Every time a seasoned practitioner shares concrete tactics and heuristics, I listen. Dan Hockenmaier has worked on multiple successful marketplaces from Faire, to Thumbtack and have also contributed to Reforge materials, and has thus battle-won insights to share. He has also published foundational frameworks such as Racecar Growth Model and how to focus on customer acquisition channels. This is my attempt to solidify my understanding.
Building a Growth Model
- Half the value is in building it, gives you a conceptual understanding of how the entire business fits together
- It makes business concepts concrete and hard to fake
- It's not meant to be precise, but directionally accurate
- It is not a forecasting tool, but a prioritisation and bet-sizing tool
- Simplest is SaaS businesses, start from acquisition channels, retention, monetisation
- For transactional businesses, stack on transactions per month, AOV, unit economics, COGS
- Marketplace is on top of that, modelling demand side and how that affects supply side; this is where it gets non-linear
- Payback period is a better measure of paid marketing performance than LTV:CAC because the speed at which we get back the money to acquire a new customer has more bearing on the eventual growth outcomes than raw multiples (Personal note: can be easily modelled)
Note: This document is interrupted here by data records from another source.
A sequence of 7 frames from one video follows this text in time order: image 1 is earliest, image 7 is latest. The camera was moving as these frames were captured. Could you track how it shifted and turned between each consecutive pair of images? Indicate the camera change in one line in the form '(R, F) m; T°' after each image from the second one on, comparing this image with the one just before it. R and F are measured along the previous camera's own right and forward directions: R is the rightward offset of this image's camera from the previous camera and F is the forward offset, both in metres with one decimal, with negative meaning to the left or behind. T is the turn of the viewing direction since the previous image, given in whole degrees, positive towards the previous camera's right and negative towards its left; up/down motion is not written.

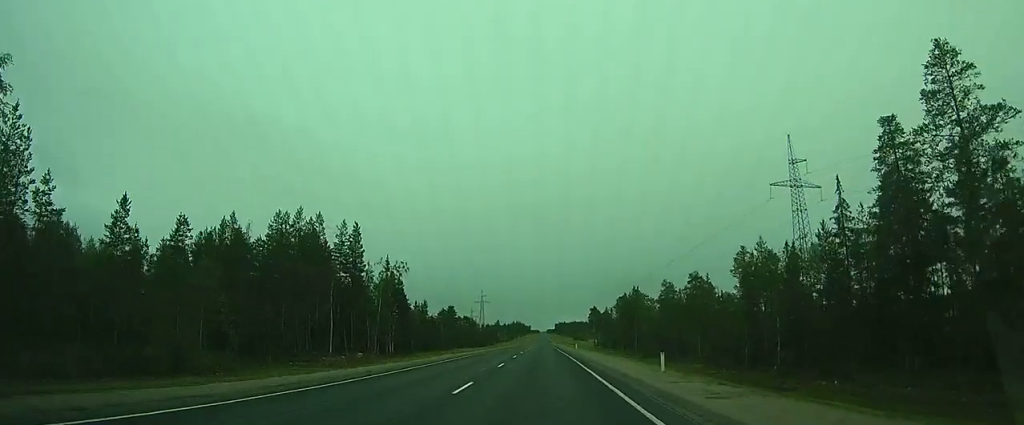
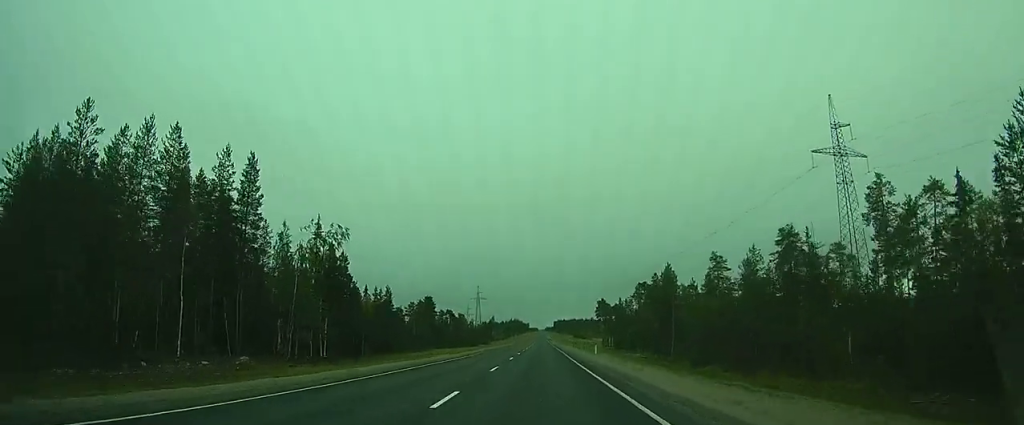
(0.0, +27.3) m; 0°
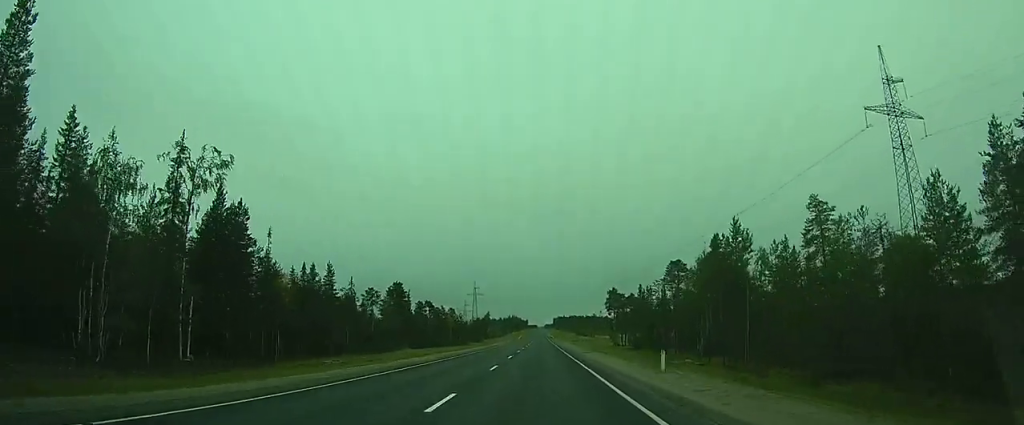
(+0.1, +24.9) m; +1°
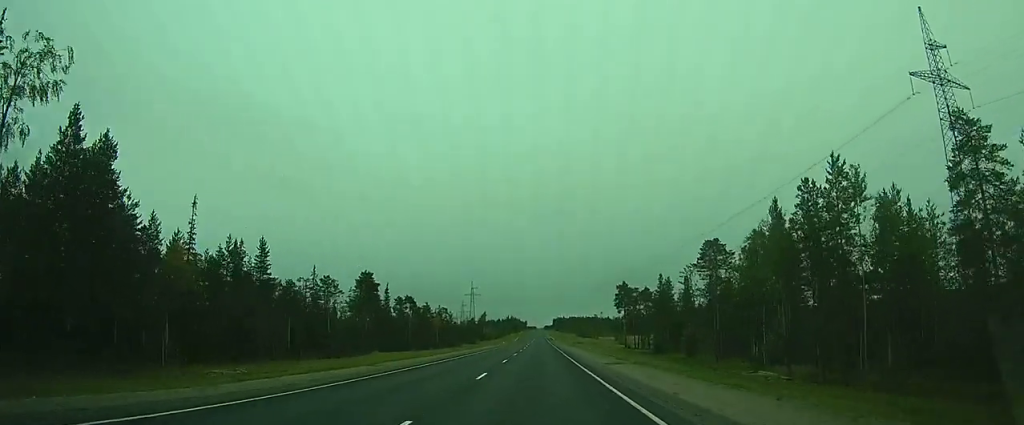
(+0.1, +16.3) m; 0°
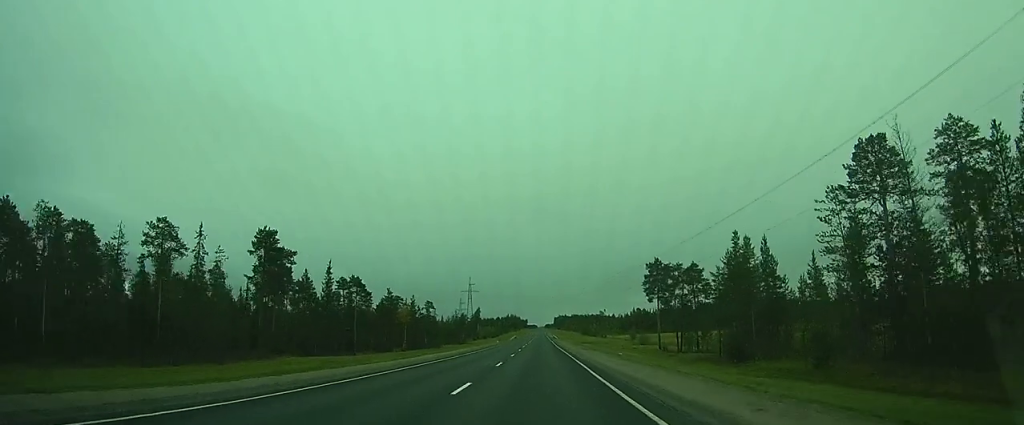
(-0.1, +29.4) m; -1°
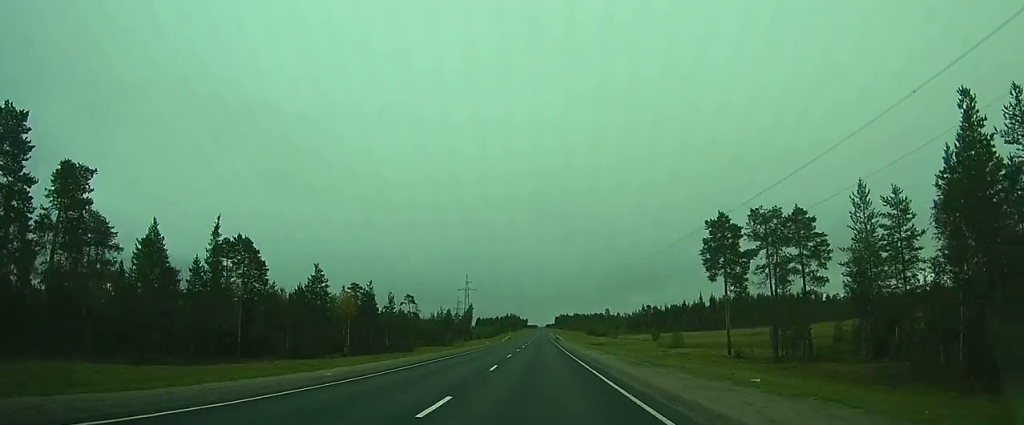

- Marketplaces are sensitive to a lot of assumptions, and there can be false precision, so just use a high-level model to get a feel for the levers, and have each product pod, GTM-team build their own mini-model, which you then stitch back up to a master model
- There are 2 forms of pods with their own models, the 1st is growth teams with simple funnel analytics, the 2nd is teams that have to manage inherent tensions, like marketplace quality teams
- For managing allocation of manpower across pods, you need a common currency in the growth model every project can be weighed against
Un-intuitive Insights from Growth Models
- Growth is much more sensitive to retention that most of us intuit because there's a lot of interaction between a healthy retained customer base and everything else we care about (referral, content generation, generating con. margins)
- Small percentage moves in retention are therefore highly impactful, but they are also notoriously hard to move because it is a culmination of the whole product experience, and also emanates directly from product value which is hard to change
- Retention is rarely solved at the point of churn. It requires deeply understanding what matters to customers and what is the current customer experience. In a marketplace context, it is often depth of supply, and interaction they have with supply. So you should be working on core product levers than growth levers.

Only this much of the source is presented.